If we find the NEPA framework valuable (I'm agnostic trending towards "burn it to the ground" after having watched it take 4 years to do an environmental impact review to place a goddamned box culvert on the site of an existing partially collapsed culvert), most of its worst excesses could be curtailed by making the actual EPA responsible for project determinations and enforcement.
Then, if the so-called "public" comes up with an objection, they can go take it up with the EPA while the project moves forward.
You reminded me of when I worked as a botanist for an Env. Impact company for a short while---a report had been created and approved for a large retention basin in the L.A. area. The basin had been excavated but not quite finished when a funding issue arose, delaying the project for six months. The contractor dug a small ditch through the project to allow runoff while the project was dormant.

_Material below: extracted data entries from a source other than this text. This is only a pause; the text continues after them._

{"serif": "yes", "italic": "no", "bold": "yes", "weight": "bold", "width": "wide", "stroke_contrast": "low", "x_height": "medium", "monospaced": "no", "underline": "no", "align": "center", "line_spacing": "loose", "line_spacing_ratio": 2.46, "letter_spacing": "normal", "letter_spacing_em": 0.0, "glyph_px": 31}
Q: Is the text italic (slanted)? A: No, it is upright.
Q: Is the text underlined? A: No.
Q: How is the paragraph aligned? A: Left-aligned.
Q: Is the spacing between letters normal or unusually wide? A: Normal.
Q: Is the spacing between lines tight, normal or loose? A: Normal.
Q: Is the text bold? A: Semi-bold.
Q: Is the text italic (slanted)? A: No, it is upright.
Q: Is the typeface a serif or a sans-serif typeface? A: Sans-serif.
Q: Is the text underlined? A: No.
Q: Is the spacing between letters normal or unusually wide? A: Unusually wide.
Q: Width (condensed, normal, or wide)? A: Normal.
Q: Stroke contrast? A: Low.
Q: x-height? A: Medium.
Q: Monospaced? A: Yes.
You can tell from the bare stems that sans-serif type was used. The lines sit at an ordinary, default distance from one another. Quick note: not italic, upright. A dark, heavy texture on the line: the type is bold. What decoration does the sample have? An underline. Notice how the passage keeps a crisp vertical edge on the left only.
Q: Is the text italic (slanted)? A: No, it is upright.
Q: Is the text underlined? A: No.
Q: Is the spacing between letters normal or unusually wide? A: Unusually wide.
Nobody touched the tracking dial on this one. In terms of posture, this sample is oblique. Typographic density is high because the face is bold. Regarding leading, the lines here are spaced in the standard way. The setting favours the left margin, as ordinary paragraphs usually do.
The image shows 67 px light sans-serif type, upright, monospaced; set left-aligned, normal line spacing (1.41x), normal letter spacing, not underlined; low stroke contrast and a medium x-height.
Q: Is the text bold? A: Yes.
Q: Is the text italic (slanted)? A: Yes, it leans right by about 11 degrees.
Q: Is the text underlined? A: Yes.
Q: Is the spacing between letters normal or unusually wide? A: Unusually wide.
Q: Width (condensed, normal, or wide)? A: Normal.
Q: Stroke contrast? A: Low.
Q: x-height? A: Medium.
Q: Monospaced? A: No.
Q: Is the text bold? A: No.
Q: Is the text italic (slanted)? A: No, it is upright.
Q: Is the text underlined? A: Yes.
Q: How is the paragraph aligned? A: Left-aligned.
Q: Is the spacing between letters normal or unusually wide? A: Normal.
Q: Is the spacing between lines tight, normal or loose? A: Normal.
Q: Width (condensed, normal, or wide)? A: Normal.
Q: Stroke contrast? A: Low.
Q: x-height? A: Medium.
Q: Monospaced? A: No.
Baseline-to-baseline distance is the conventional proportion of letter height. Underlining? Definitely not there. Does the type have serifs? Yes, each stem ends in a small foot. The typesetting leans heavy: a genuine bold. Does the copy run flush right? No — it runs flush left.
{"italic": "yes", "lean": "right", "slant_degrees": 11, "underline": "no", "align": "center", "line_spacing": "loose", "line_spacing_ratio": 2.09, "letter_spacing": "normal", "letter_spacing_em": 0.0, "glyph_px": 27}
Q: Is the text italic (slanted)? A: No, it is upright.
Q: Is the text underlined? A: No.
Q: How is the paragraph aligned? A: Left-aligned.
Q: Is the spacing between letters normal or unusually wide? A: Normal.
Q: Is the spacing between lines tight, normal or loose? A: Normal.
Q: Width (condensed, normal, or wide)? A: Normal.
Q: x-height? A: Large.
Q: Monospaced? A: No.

After six months work was resuming when some inspector said a whole new report was required ---some (non-native) weeds had grown in the temporary ditch in the intervening six months and a couple of them were Federal wetland indicators. I don't know if the inspector had the senses of a rock or was scared of losing his job by not allowing a technicality but the project was again delayed during a frivolous new report and inspection process.
I am a landscape contractor now, mostly residential so Federal policies are usually not a problem but I do get the same kind of nitpicking regulations at times from the city level. Somehow there needs to be a more simplified and reasonable process for all this. That and we need to have the stomach to accept some minor environmental degradation to keep our economy from being so unproductive.
Having practiced in China for several years, I am well aware of the potential dangers of swinging all the way to the other side of that equation, haha.
There *must* exist a middle ground, more cognizant of these trade-offs, between "4 years and $350k of paperwork just to ok a near-identical replacement to a failed culvert" and "we will transform the surrounding landscape until it fits this standard precast bridge design, environmental consequences be damned."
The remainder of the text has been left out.